Well, draw out the Lewis structure.
"Cl": 7 valence electrons
"O": 6 valence electrons
Therefore,
"ClO"_2: 7 + 2 xx 6 = 21 valence electrons
"ClO"_2^(-): 7 + 2 xx 6 + 1 = 22 valence electrons
So now, put the largest atom in the middle ("Cl") and surround it with the other atoms. Put two bonds on "Cl" by default, since it is the central atom. Add three lone pairs on each oxygen and begin to form the appropriate pi bonds using those electrons.
Do "ClO"_2^- first, then take one electron off of "Cl" to get "ClO"_2. For "ClO"_2 you will have 11 valence electrons on "Cl":
"ClO"_2^- really has resonance going on, so the hybrid structure has 1.5-bonds. On the other hand, "ClO"_2 has two double bonds instead.
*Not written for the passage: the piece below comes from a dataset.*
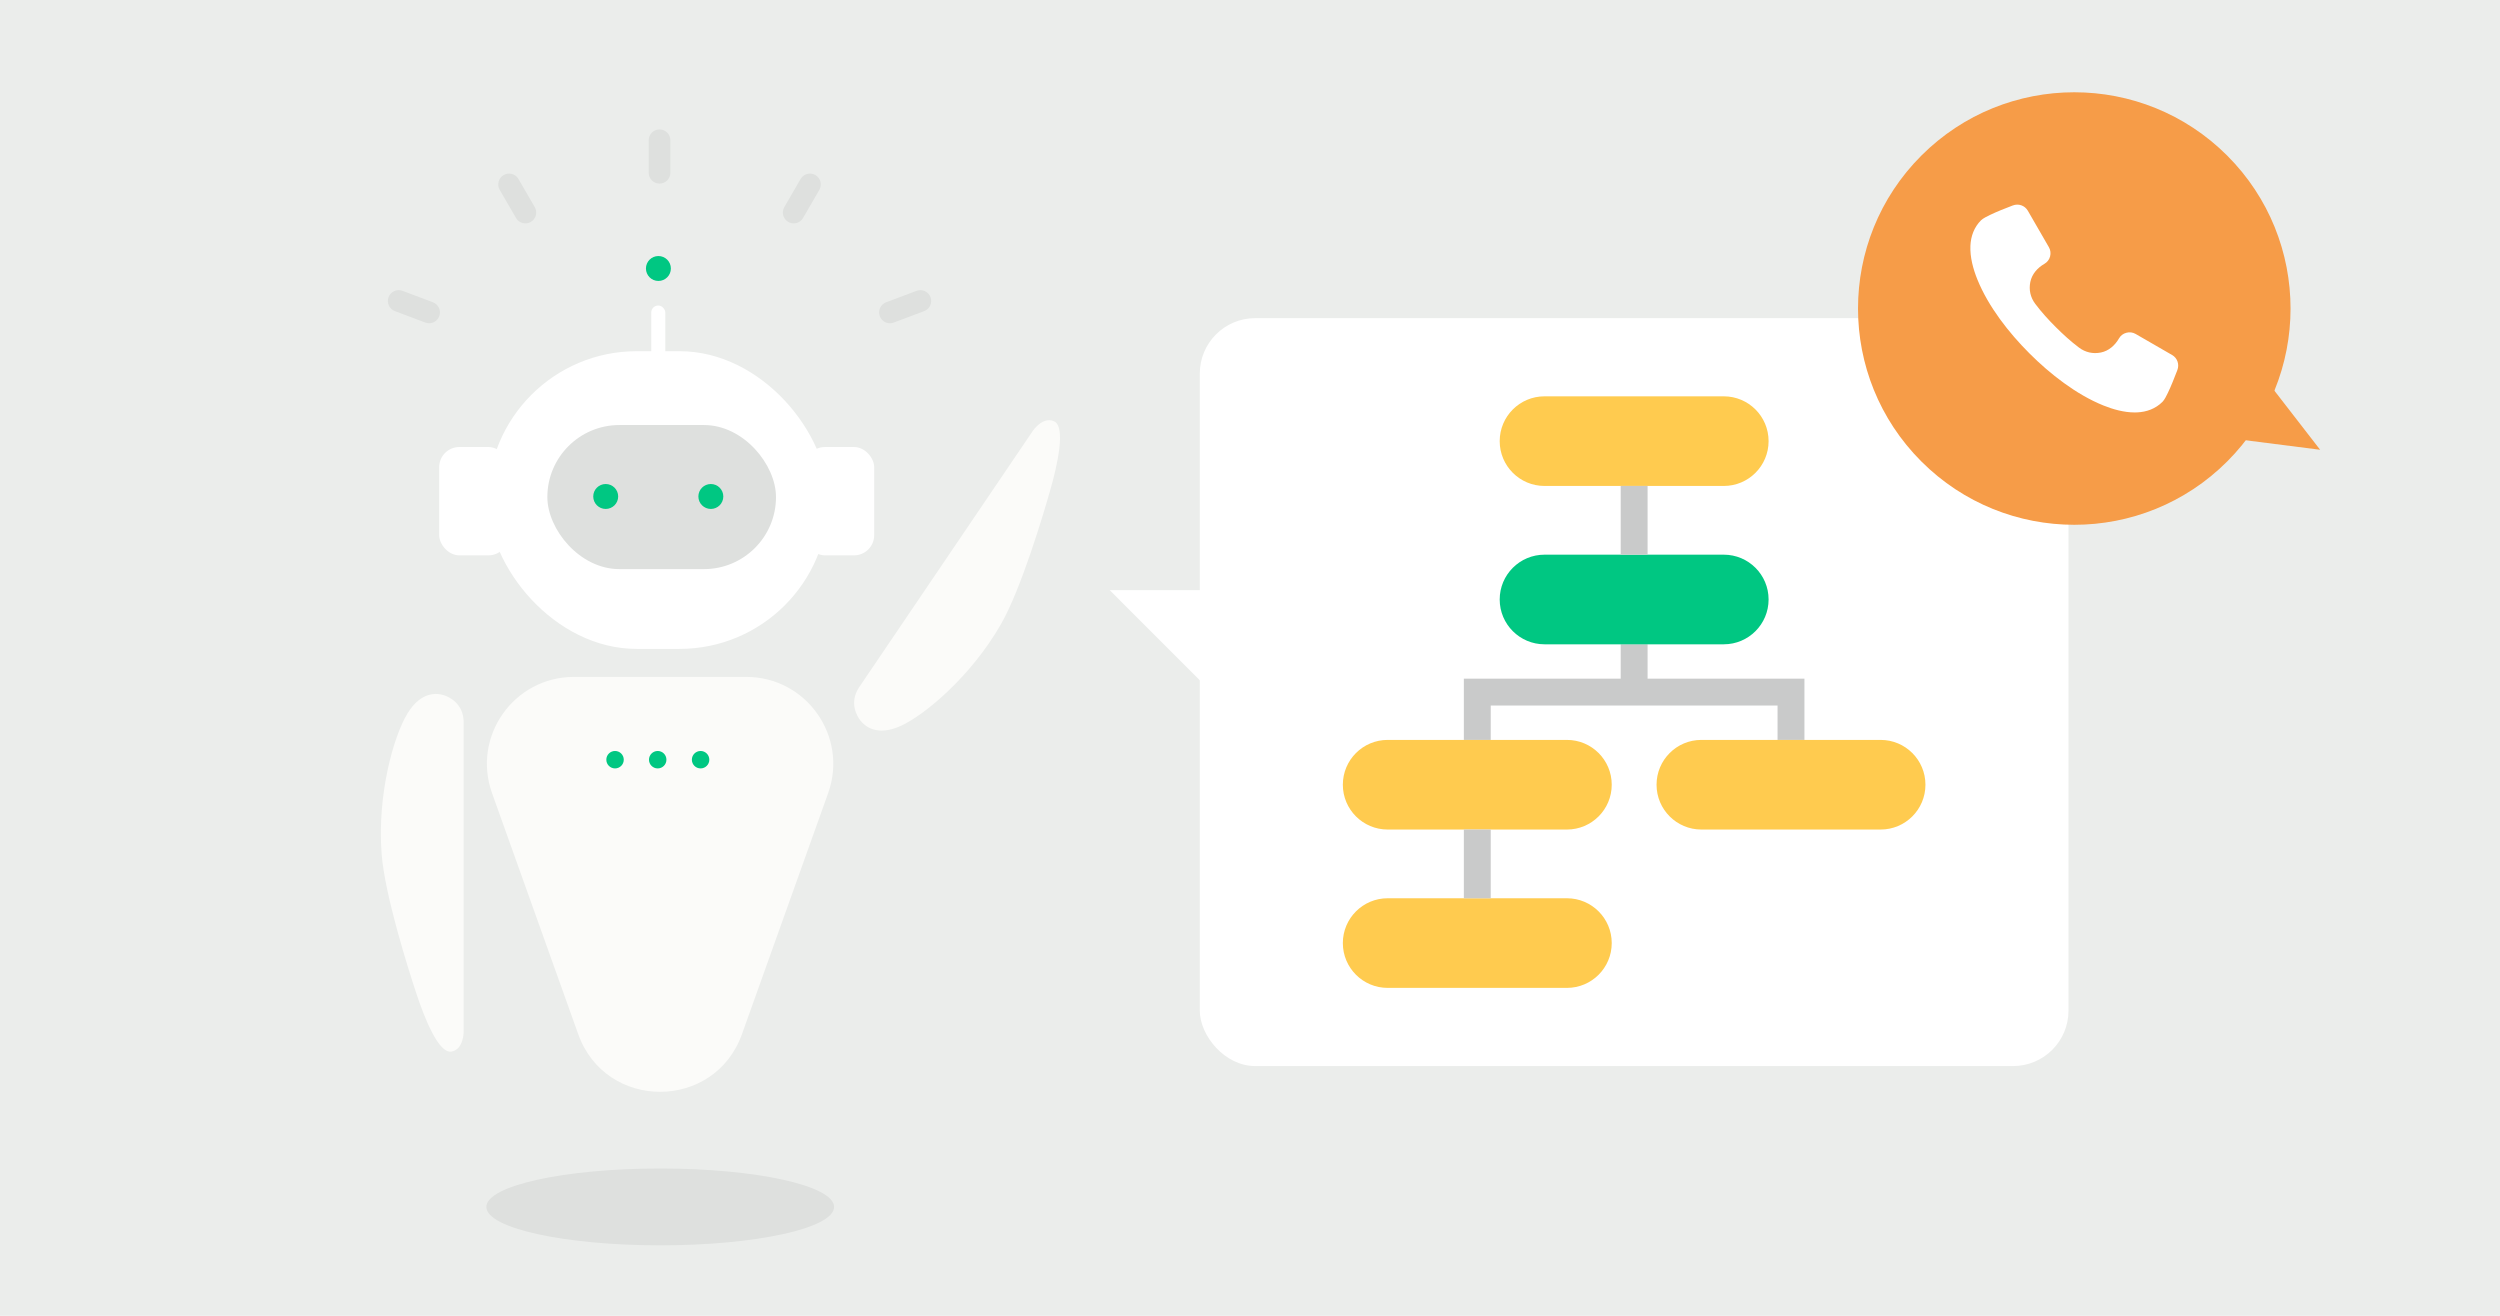 <?xml version="1.0" encoding="UTF-8"?><svg xmlns="http://www.w3.org/2000/svg" width="380" height="200" xmlns:xlink="http://www.w3.org/1999/xlink" viewBox="0 0 380 200"><defs><style>.cls-1,.cls-2{fill:none;}.cls-3{fill:#00c782;}.cls-4{fill:#ebedeb;}.cls-5{fill:#f69c48;}.cls-6,.cls-7{fill:#fff;}.cls-8{fill:#ffcb4f;}.cls-9{fill:#fbfbf9;}.cls-10{fill:#c9caca;}.cls-11{fill:#dee0de;}.cls-7{fill-rule:evenodd;}.cls-2{clip-path:url(#clippath);}</style><clipPath id="clippath"><rect class="cls-1" x="200.706" y="57.516" width="95.368" height="95.368" rx="6.812" ry="6.812"/></clipPath></defs><g id="back"><rect class="cls-4" width="380" height="200"/></g><g id="_レイヤー_1"><rect class="cls-6" x="74.148" y="53.382" width="51.767" height="45.251" rx="22.625" ry="22.625"/><rect class="cls-11" x="83.198" y="64.605" width="34.753" height="21.901" rx="10.951" ry="10.951"/><circle class="cls-3" cx="108.048" cy="75.465" r="1.895"/><circle class="cls-3" cx="92.067" cy="75.465" r="1.895"/><rect class="cls-6" x="122.327" y="67.947" width="10.55" height="16.468" rx="3.065" ry="3.065"/><rect class="cls-6" x="66.757" y="67.947" width="10.55" height="16.468" rx="3.065" ry="3.065"/><rect class="cls-6" x="98.99" y="46.437" width="2.136" height="9.021" rx="1.068" ry="1.068"/><circle class="cls-3" cx="100.078" cy="40.811" r="1.895"/><path class="cls-9" d="m112.779,157.19l13.098-36.634c3.078-8.608-3.303-17.666-12.445-17.666h-26.197c-9.142,0-15.523,9.058-12.445,17.666l13.098,36.634c4.179,11.689,20.711,11.689,24.89,0Z"/><circle class="cls-3" cx="99.971" cy="115.474" r="1.326"/><circle class="cls-3" cx="106.49" cy="115.474" r="1.326"/><circle class="cls-3" cx="93.487" cy="115.474" r="1.326"/><path class="cls-9" d="m130.549,104.521l26.426-39.008s1.498-2.266,3.245-1.476c1.813.82.514,6.594-.545,10.327s-4.414,15.072-7.54,20.531c-4.464,7.795-11.454,13.714-15.189,15.43-3.734,1.716-5.559-.051-6.135-.767s-1.742-2.732-.263-5.036Z"/><path class="cls-9" d="m70.477,109.681v47.117s.03,2.716-1.859,3.042c-1.96.338-4.124-5.171-5.34-8.855-1.217-3.684-4.799-14.954-5.273-21.226-.676-8.957,1.791-17.779,3.921-21.294s4.631-3.076,5.509-2.805,2.974,1.284,3.042,4.022Z"/><ellipse class="cls-11" cx="100.356" cy="183.452" rx="26.427" ry="5.841"/><path class="cls-11" d="m100.249,27.907c-.91,0-1.647-.737-1.647-1.647v-4.941c0-.91.737-1.647,1.647-1.647s1.647.737,1.647,1.647v4.941c0,.91-.737,1.647-1.647,1.647Z"/><path class="cls-11" d="m65.226,49.135c-.193,0-.389-.034-.58-.106l-4.624-1.74c-.851-.32-1.282-1.27-.962-2.121.32-.851,1.27-1.283,2.121-.962l4.624,1.74c.851.32,1.282,1.27.962,2.121-.248.66-.876,1.068-1.542,1.068Z"/><path class="cls-11" d="m79.859,33.955c-.568,0-1.121-.295-1.427-.822l-2.476-4.275c-.456-.787-.187-1.795.6-2.251.788-.456,1.795-.187,2.251.6l2.476,4.275c.456.787.187,1.795-.6,2.251-.26.15-.544.222-.824.222Z"/><path class="cls-11" d="m135.273,49.135c-.666,0-1.293-.407-1.542-1.068-.32-.851.11-1.801.962-2.121l4.624-1.74c.852-.32,1.801.11,2.121.962.32.851-.11,1.801-.962,2.121l-4.624,1.74c-.191.072-.387.106-.58.106Z"/><path class="cls-11" d="m120.639,33.955c-.28,0-.564-.072-.824-.222-.787-.456-1.056-1.464-.6-2.251l2.476-4.275c.456-.787,1.463-1.055,2.251-.6.787.456,1.056,1.464.6,2.251l-2.476,4.275c-.305.527-.858.822-1.427.822Z"/><polygon class="cls-6" points="182.899 103.93 182.903 89.704 168.678 89.701 182.899 103.93"/><rect class="cls-6" x="182.368" y="48.358" width="132.044" height="113.683" rx="8.426" ry="8.426"/><g class="cls-2"><g id="_マスクグループ_1"><g id="fn1"><rect id="_長方形_197" class="cls-1" x="200.706" y="57.516" width="95.368" height="95.368"/><path id="_パス_249" class="cls-10" d="m250.433,103.156v-5.223h-4.087v5.223h-23.842v9.31h4.087v-5.223h43.597v5.223h4.087v-9.31h-23.842Z"/><path id="_長方形_198" class="cls-8" d="m234.766,60.241h27.248c3.762,0,6.812,3.05,6.812,6.812h0c0,3.762-3.05,6.812-6.812,6.812h-27.248c-3.762,0-6.812-3.05-6.812-6.812h0c0-3.762,3.05-6.812,6.812-6.812Z"/><path id="_長方形_199" class="cls-3" d="m234.766,84.31h27.248c3.762,0,6.812,3.05,6.812,6.812h0c0,3.762-3.05,6.812-6.812,6.812h-27.248c-3.762,0-6.812-3.05-6.812-6.812h0c0-3.762,3.05-6.812,6.812-6.812Z"/><rect id="_長方形_200" class="cls-10" x="246.346" y="73.865" width="4.087" height="10.445"/><path id="_長方形_201" class="cls-8" d="m210.924,136.535h27.248c3.762,0,6.812,3.05,6.812,6.812h0c0,3.762-3.05,6.812-6.812,6.812h-27.248c-3.762,0-6.812-3.05-6.812-6.812h0c0-3.762,3.05-6.812,6.812-6.812Z"/><path id="_長方形_202" class="cls-8" d="m258.608,112.466h27.248c3.762,0,6.812,3.05,6.812,6.812h0c0,3.762-3.05,6.812-6.812,6.812h-27.248c-3.762,0-6.812-3.05-6.812-6.812h0c0-3.762,3.05-6.812,6.812-6.812Z"/><path id="_長方形_203" class="cls-8" d="m210.924,112.466h27.248c3.762,0,6.812,3.05,6.812,6.812h0c0,3.762-3.05,6.812-6.812,6.812h-27.248c-3.762,0-6.812-3.05-6.812-6.812h0c0-3.762,3.05-6.812,6.812-6.812Z"/><rect id="_長方形_204" class="cls-10" x="222.504" y="126.09" width="4.087" height="10.445"/></g></g></g><circle class="cls-5" cx="315.291" cy="46.897" r="32.872" transform="translate(59.185 236.68) rotate(-45)"/><polygon class="cls-5" points="352.659 68.364 337.572 66.441 339.494 51.354 352.659 68.364"/><path class="cls-7" d="m330.162,53.961c.806.464,1.129,1.433.795,2.293l-.025.067c-.443,1.137-.88,2.279-1.407,3.377-.183.385-.521,1.077-.824,1.376-1.048,1.051-2.41,1.548-3.88,1.611-.116.007-.228.007-.344.007-1.618,0-3.283-.464-4.774-1.065-4.124-1.668-8.102-4.786-11.227-7.912-3.127-3.125-6.244-7.103-7.912-11.227-.643-1.586-1.136-3.394-1.062-5.121.064-1.47.563-2.829,1.611-3.88.307-.302.995-.637,1.379-.821,1.098-.527,2.241-.967,3.377-1.407l.067-.024c.861-.338,1.829-.01,2.294.795l3.198,5.54c.25.429.313.929.186,1.409-.131.481-.433.876-.866,1.125-1.048.605-1.889,1.541-2.139,2.755-.243,1.196.014,2.341.746,3.32.943,1.256,2.009,2.427,3.12,3.535,1.112,1.111,2.28,2.178,3.536,3.121.978.732,2.128.988,3.325.746,1.214-.251,2.142-1.091,2.751-2.142.249-.433.64-.732,1.125-.859.478-.131.978-.067,1.408.182l5.541,3.199Z"/></g></svg>

FACTOR 1: BONDING ELECTRONS
The bonding electrons in "ClO"_2 repel each other more, since there are more electrons in a double bond than a 1.5-bond. That would increase the bond angle of "ClO"_2 compared to "ClO"_2^-.
FACTOR 2: NONBONDING ELECTRONS
There is one more nonbonding electron in "ClO"_2^- to repel the bonding electrons, which would decrease the bond angle of "ClO"_2^- compared to "ClO"_2.
Therefore, bb("ClO"_2) would have the larger bond angle. In fact, "ClO"_2 has /_OClO = 117.4033^@, whereas "ClO"_2^- has an approximate bond angle of /_OClO ~~ 110^@ (pm 2^@)).